We then investigated SARS-CoV-2-specific cellular responses. All comparisons with the non-randomized BNT/BNT arm were exploratory. Ten days post boost vaccination, we found for all groups a production of IFN-γ in response to SARS-CoV-2-derived CD4 (Ag1) and CD4/CD8 (Ag2) peptide pools in the QFN IGRA assay relative to the non-stimulated controls (Figure 3A, Supplementary Table S6). Importantly, heterologous vaccination resulted in a statistically significant higher production of IFN-γ against both Ag1 (geometric mean 1.34 international units (IU)/ml (95% CI 1.03-1.65) versus 0.31 IU/ml (95% CI 0.21-0.41)) and Ag2 (geometric mean 1.78 IU/ml (95% CI 1.33-2.22) versus 0.43 IU/ml (95% CI 0.30-0.56)) relative to AZ/AZ vaccination. The heterologous group reached levels similar to the homologous BNT group (geometric mean 1.51 IU/ml (95% CI 0.67-2.35) for Ag1 and 1.94 IU/ml (95% CI 0.79-3.08) for Ag2 for BNT/BNT). IFN-γ response to SARS-CoV-2 had slightly declined 30 days post boost. However, IFN-γ levels were still statistically significant higher in the heterologous group for both Ag1 (geometric mean 0.68 IU/ml (95% CI 0.52-0.84) for AZ/BNT versus 0.22 IU/ml (95% CI 0.17-0.27) for AZ/AZ) and Ag2 (geometric mean 0.94 IU/ml (95% CI 0.67-1.21) for AZ/BNT versus 0.30 IU/ml (95% CI 0.22-0.39) for AZ/AZ) (Supplementary Figure S6, Supplementary Table S6).

Figure 3

Spike specific T cell responses are higher after heterologous vaccination. A. Quantiferon IFNγ release assay measuring IFNγ (IU/ml) in blood samples from AZ/AZ (blue circles), AZ/BNT (purple circles), BNT/BNT (red cicrles) vaccine groups at 10 days after boost vaccination. Whole blood samples were either non-stimulated (Nil) or stimulated with specific CD4 (Ag1) and CD4+CD8 (Ag2) SARS-CoV-2 peptide pools from spike antigen (S1 S2 RDB). As positive control mitogen-stimulated samples were also analyzed. B. spike-specific CD4+ T cells and CD8+ T cells were quantified by AIM (surface OX40+CD137+ and CD69+CD137+, respectively). Comparison of spike-specific AIM+ CD4+ T cell and CD8+ T frequencies between AZ/AZ (blue circles), AZ/BNT (purple circles), and BNT/BNT (red circles) vaccine regimens at day 10 post boost are shown.
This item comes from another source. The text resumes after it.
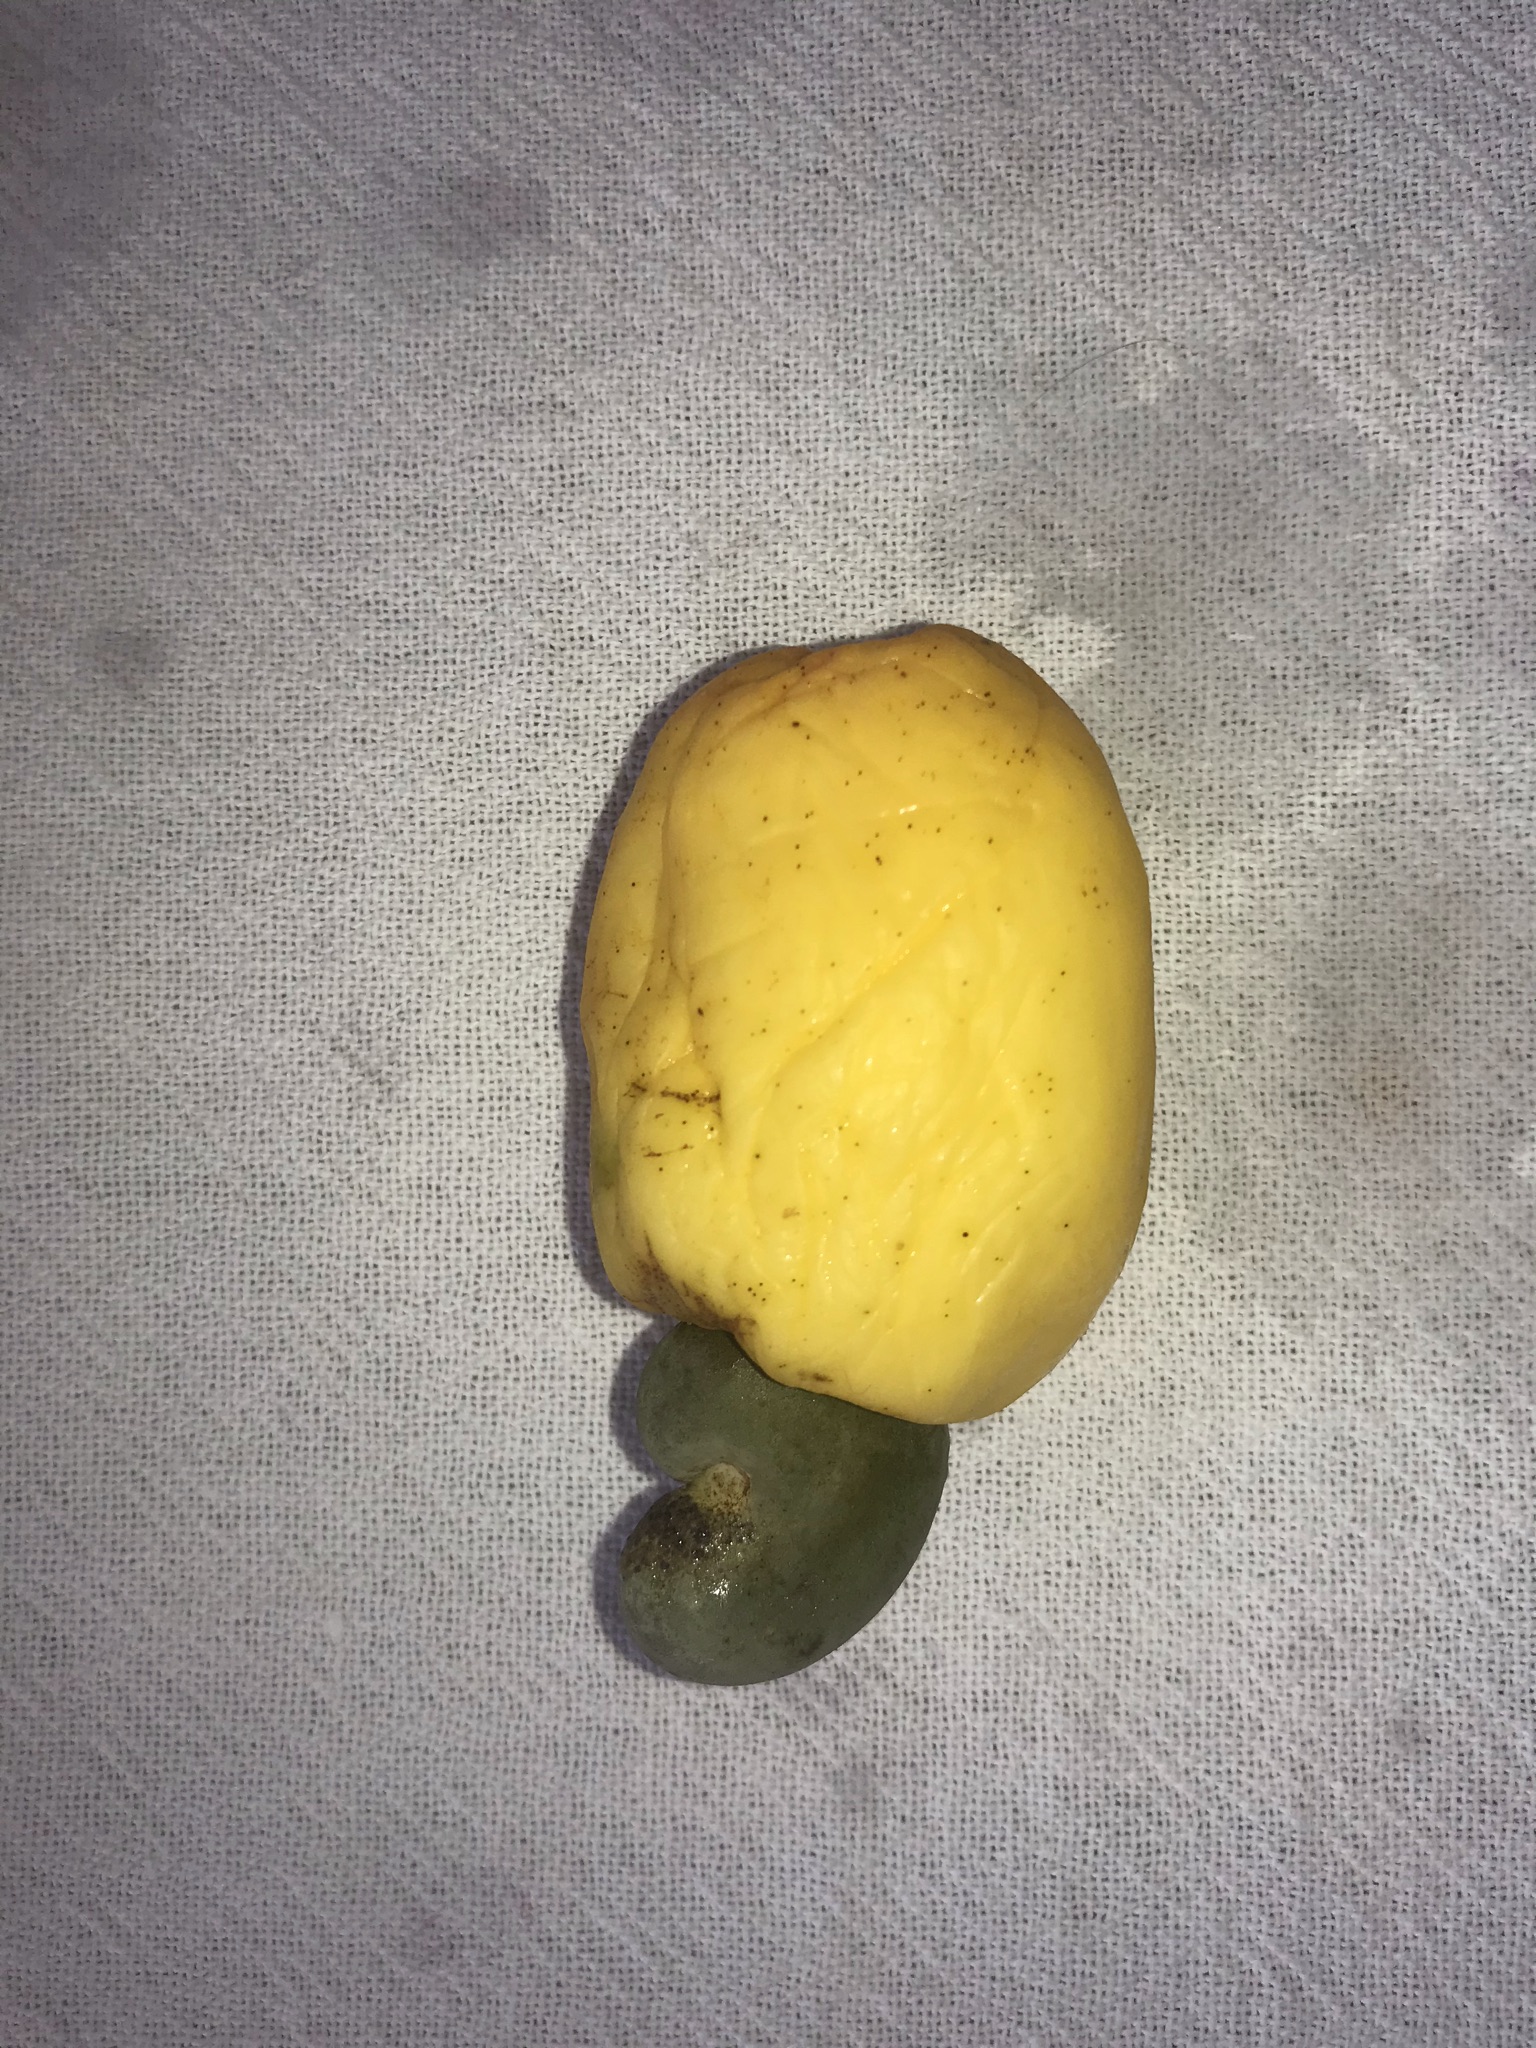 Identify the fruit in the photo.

The bars indicate the geometric mean and geometric SD in the analysis of the spike-specific CD4+ and CD8+ T cell frequencies. C. spike-specific CD4+ T cells expressing intracellular CD40L (iCD40L) and producing IFNγ, TNFα, IL-2 or granzyme B (GzB) and spike-specific CD8+ T cells producing IFNγ, TNFα, IL-2 or GzB by intracellular cytokine staining (ICS) (D). The dotted green line indicates limit of quantification (LOQ). Proportions of multifunctional activity profiles of the spike-specific CD4+ (E) and CD8+ T cells (F) evaluated on days 10 post boost. The dark blue, navy blue, turquoise and white colors in the pie charts depict the production of one, two, three, and four functions, respectively. spike specific AIM+ CD4 and CD8 T cells against the ancestral spike sequence were compared to the spike sequence derived from the B.1.617.2 (G) as well as the P.1., the B.1.427/B.1.429, the B.1.351 and the B.1.1.7 (H) variants at day 10 post boost. Background-subtracted and log data analyzed in all cases. N as indicated in figure. 95 % confidence intervals are shown in Supplementary Tables S6-S8.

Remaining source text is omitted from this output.